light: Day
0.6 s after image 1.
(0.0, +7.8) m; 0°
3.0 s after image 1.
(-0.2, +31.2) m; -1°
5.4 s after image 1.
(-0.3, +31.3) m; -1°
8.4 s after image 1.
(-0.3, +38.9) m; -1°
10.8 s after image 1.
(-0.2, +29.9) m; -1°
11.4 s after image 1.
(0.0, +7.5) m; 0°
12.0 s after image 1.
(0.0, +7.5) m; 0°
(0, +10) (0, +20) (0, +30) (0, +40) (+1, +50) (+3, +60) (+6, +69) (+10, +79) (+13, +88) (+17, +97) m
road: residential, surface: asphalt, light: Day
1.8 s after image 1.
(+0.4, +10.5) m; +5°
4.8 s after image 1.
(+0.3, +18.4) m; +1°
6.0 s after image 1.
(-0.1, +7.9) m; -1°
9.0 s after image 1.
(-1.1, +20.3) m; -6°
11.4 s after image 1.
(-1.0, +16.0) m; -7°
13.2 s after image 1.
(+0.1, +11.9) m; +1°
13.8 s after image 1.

● ● ● ●

_EXERCISE BRIEF_: The expected output is the lines from the one with "1.8 s after image 1." through the end of the data, exactly as written and nothing more.

_OUTPUT FOR THIS TASK_:
1.8 s after image 1.
(+0.4, +10.5) m; +5°
4.8 s after image 1.
(+0.3, +18.4) m; +1°
6.0 s after image 1.
(-0.1, +7.9) m; -1°
9.0 s after image 1.
(-1.1, +20.3) m; -6°
11.4 s after image 1.
(-1.0, +16.0) m; -7°
13.2 s after image 1.
(+0.1, +11.9) m; +1°
13.8 s after image 1.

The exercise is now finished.